Although the listing below holds pictures, reproduce only its lines from the one containing "Character: 𦠩" through the last, exactly and without them.

------

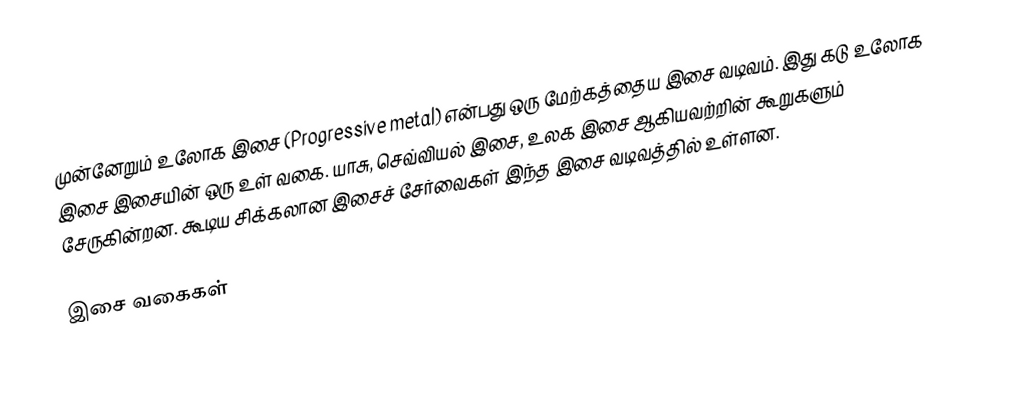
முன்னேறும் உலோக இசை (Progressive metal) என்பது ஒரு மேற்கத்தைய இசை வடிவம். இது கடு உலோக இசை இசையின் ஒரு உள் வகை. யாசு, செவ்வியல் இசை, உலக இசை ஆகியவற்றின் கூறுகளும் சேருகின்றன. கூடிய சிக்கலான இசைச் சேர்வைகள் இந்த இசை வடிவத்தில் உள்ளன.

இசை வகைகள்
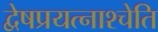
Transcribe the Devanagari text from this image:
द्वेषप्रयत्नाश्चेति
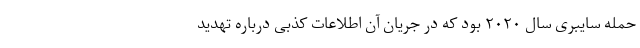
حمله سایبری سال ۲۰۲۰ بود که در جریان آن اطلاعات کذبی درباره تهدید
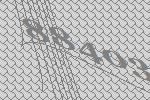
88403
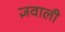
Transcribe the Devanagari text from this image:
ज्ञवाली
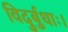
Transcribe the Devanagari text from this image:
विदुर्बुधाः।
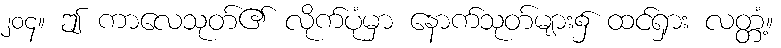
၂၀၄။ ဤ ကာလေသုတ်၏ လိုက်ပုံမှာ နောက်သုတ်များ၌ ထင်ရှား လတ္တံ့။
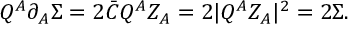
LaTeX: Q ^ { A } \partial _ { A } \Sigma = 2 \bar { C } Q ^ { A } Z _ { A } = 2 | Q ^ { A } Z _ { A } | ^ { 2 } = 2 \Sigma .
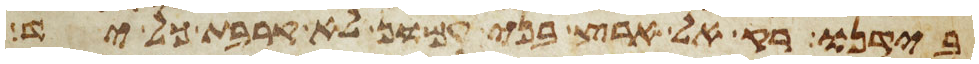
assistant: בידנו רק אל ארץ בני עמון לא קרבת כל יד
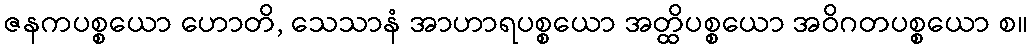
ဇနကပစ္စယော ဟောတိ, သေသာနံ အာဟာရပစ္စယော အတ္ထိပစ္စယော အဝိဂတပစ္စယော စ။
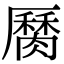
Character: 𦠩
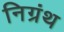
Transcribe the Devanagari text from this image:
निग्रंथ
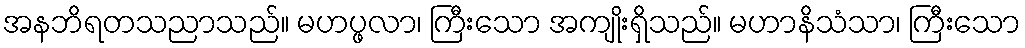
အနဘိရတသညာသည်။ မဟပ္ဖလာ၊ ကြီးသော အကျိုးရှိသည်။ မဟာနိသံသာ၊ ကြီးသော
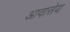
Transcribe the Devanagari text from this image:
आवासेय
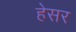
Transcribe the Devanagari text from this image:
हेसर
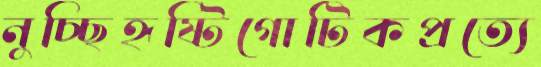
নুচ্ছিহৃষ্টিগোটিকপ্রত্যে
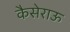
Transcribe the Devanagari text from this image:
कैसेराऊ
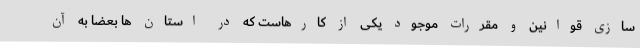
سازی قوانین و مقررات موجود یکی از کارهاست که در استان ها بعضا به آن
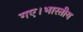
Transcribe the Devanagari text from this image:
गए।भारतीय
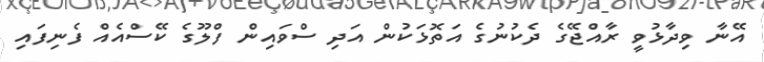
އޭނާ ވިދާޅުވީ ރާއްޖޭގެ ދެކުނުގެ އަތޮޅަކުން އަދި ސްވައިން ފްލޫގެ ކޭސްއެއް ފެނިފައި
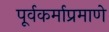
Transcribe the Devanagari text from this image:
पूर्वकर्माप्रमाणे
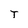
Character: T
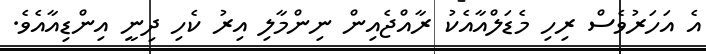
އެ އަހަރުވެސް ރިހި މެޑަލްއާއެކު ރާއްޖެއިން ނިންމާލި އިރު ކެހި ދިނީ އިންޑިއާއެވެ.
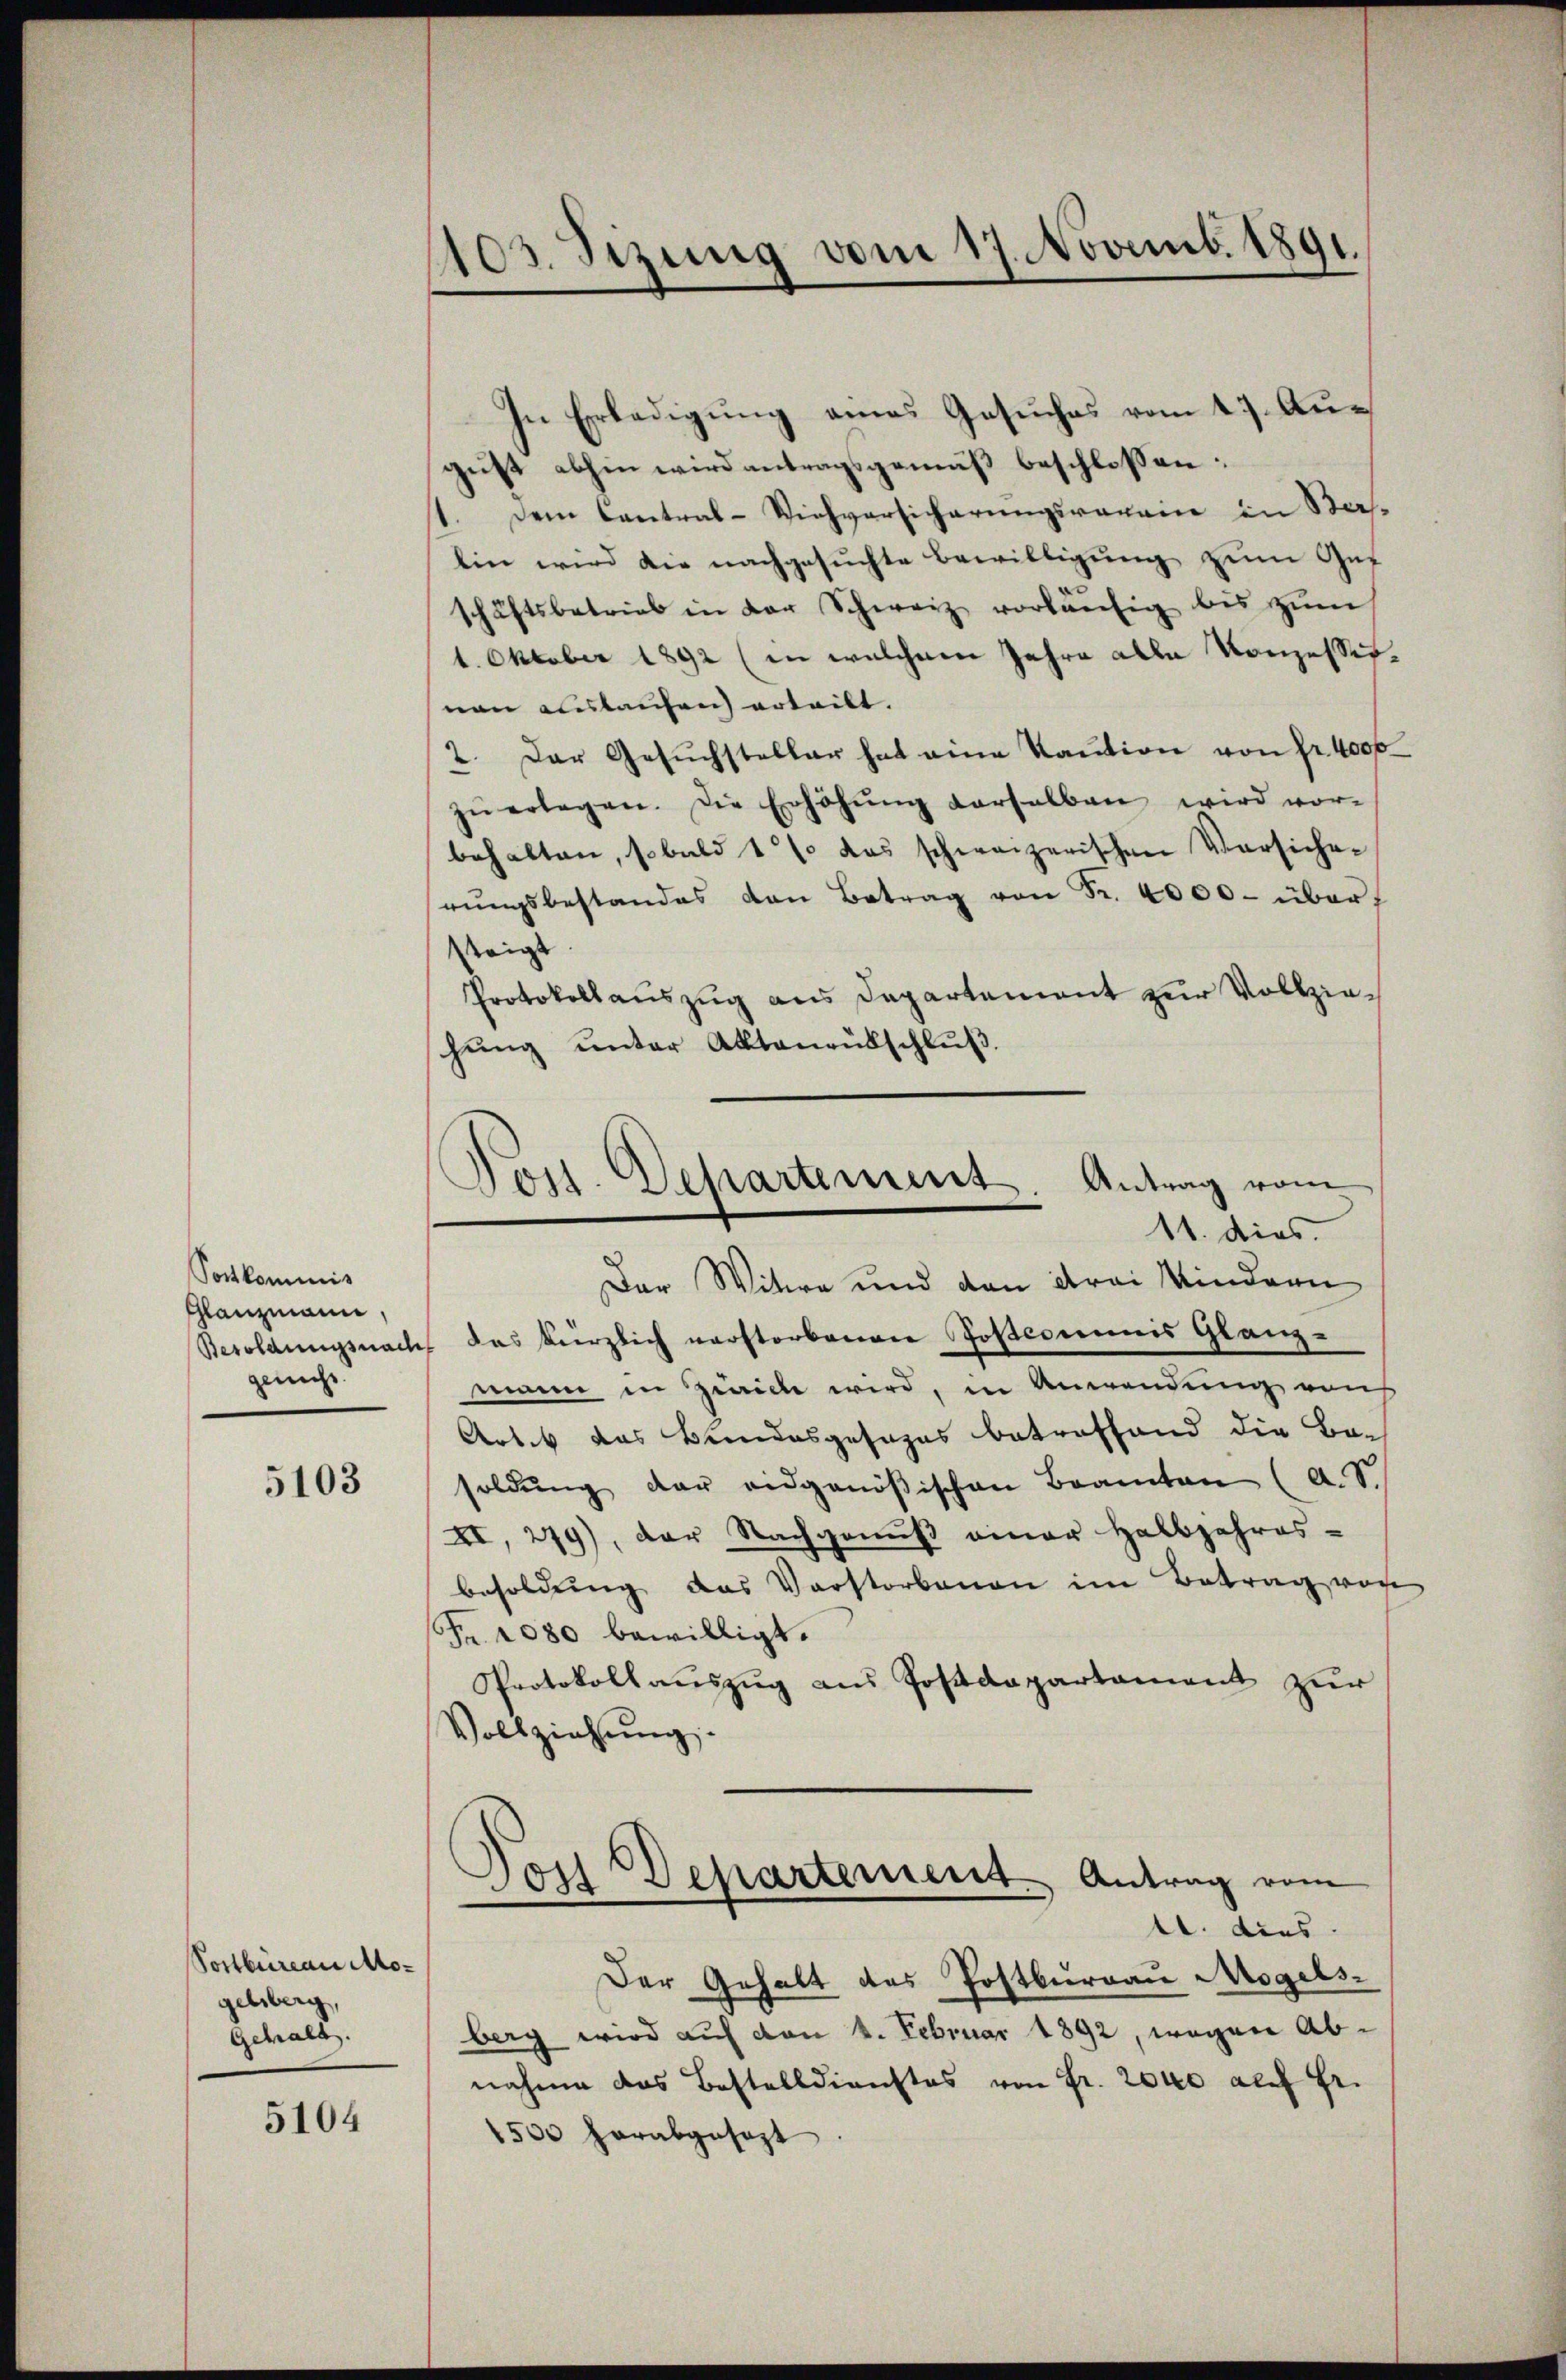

------

• _SOLUTION_:
Character: 𦠩
Transcribe the Devanagari text from this image:
निग्रंथ
အနဘိရတသညာသည်။ မဟပ္ဖလာ၊ ကြီးသော အကျိုးရှိသည်။ မဟာနိသံသာ၊ ကြီးသော
Transcribe the Devanagari text from this image:
आवासेय
Transcribe the Devanagari text from this image:
हेसर
নুচ্ছিহৃষ্টিগোটিকপ্রত্যে
Transcribe the Devanagari text from this image:
कैसेराऊ
سازی قوانین و مقررات موجود یکی از کارهاست که در استان ها بعضا به آن
Transcribe the Devanagari text from this image:
गए।भारतीय
އޭނާ ވިދާޅުވީ ރާއްޖޭގެ ދެކުނުގެ އަތޮޅަކުން އަދި ސްވައިން ފްލޫގެ ކޭސްއެއް ފެނިފައި
Transcribe the Devanagari text from this image:
पूर्वकर्माप्रमाणे
Character: T
އެ އަހަރުވެސް ރިހި މެޑަލްއާއެކު ރާއްޖެއިން ނިންމާލި އިރު ކެހި ދިނީ އިންޑިއާއެވެ.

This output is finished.